* To do
In the data that follows, find each line containing "type" and copy it.

****************

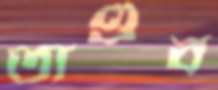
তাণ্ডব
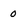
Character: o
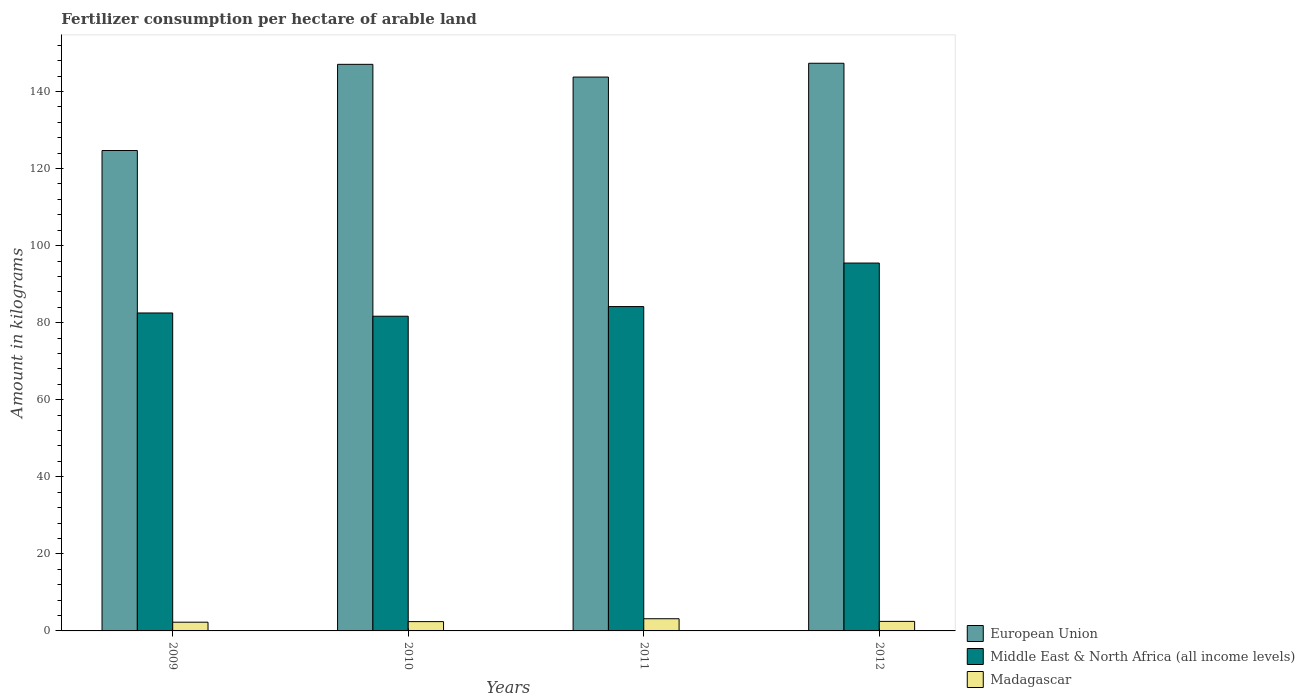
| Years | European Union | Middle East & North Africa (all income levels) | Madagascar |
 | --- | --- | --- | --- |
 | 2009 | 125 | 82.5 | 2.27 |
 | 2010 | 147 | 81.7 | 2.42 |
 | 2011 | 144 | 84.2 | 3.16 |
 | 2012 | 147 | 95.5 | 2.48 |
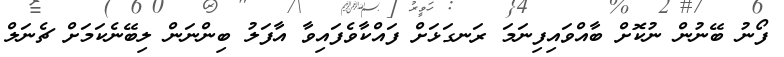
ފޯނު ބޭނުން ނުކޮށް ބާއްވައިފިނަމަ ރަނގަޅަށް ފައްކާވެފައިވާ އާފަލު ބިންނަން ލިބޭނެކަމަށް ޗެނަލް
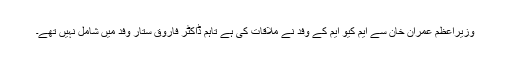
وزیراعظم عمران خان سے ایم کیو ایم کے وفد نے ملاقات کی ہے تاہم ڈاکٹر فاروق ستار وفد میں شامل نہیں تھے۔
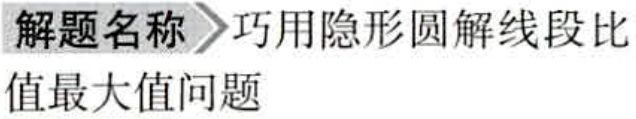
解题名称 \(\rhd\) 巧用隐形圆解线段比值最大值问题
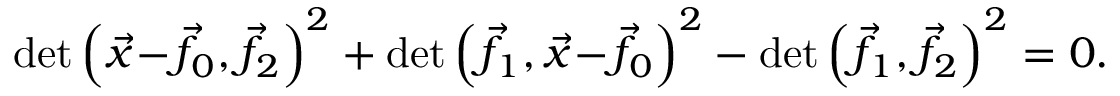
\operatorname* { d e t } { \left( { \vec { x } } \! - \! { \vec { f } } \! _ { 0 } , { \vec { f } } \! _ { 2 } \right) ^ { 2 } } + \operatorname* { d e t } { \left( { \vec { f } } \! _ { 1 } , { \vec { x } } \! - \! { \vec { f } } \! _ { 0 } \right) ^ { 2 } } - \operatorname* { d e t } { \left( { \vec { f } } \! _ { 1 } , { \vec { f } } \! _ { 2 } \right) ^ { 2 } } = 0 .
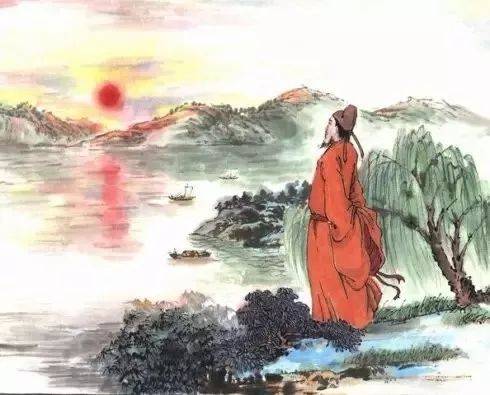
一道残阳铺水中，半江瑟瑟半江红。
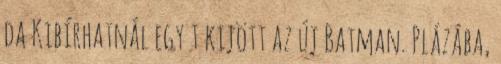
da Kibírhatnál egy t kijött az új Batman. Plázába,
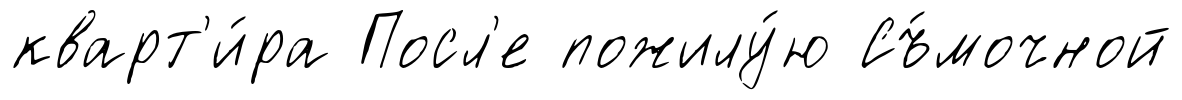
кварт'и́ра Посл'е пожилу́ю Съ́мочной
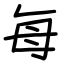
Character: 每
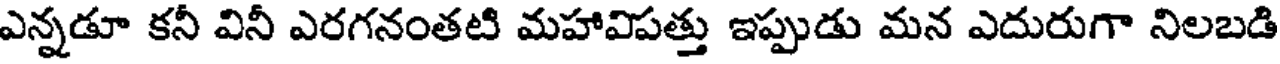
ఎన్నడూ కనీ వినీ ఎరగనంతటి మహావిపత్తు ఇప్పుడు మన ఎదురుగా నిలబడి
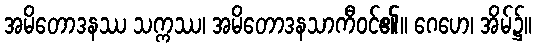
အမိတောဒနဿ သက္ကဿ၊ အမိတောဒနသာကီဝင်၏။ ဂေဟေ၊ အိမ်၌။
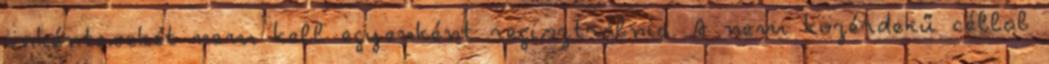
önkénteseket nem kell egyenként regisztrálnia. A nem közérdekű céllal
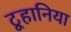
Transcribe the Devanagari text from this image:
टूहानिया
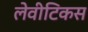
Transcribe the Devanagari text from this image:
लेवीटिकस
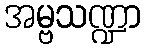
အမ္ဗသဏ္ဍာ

****************

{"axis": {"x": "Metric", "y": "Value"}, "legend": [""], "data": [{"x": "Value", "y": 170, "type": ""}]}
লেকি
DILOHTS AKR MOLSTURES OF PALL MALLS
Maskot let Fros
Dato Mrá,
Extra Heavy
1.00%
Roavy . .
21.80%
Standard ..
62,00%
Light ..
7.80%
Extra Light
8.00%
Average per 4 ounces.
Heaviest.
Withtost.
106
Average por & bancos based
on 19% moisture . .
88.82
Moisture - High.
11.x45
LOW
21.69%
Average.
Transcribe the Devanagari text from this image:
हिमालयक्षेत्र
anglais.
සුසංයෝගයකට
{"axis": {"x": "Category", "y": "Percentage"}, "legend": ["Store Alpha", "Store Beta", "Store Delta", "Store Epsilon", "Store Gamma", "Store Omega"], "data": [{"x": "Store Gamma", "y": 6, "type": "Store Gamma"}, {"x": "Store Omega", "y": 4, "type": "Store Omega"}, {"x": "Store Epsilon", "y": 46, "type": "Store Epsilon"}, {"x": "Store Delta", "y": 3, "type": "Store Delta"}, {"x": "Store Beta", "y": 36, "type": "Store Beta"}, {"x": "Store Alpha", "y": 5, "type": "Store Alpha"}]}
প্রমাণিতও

****************

* Solution to this exercise
{"axis": {"x": "Metric", "y": "Value"}, "legend": [""], "data": [{"x": "Value", "y": 170, "type": ""}]}
{"axis": {"x": "Category", "y": "Percentage"}, "legend": ["Store Alpha", "Store Beta", "Store Delta", "Store Epsilon", "Store Gamma", "Store Omega"], "data": [{"x": "Store Gamma", "y": 6, "type": "Store Gamma"}, {"x": "Store Omega", "y": 4, "type": "Store Omega"}, {"x": "Store Epsilon", "y": 46, "type": "Store Epsilon"}, {"x": "Store Delta", "y": 3, "type": "Store Delta"}, {"x": "Store Beta", "y": 36, "type": "Store Beta"}, {"x": "Store Alpha", "y": 5, "type": "Store Alpha"}]}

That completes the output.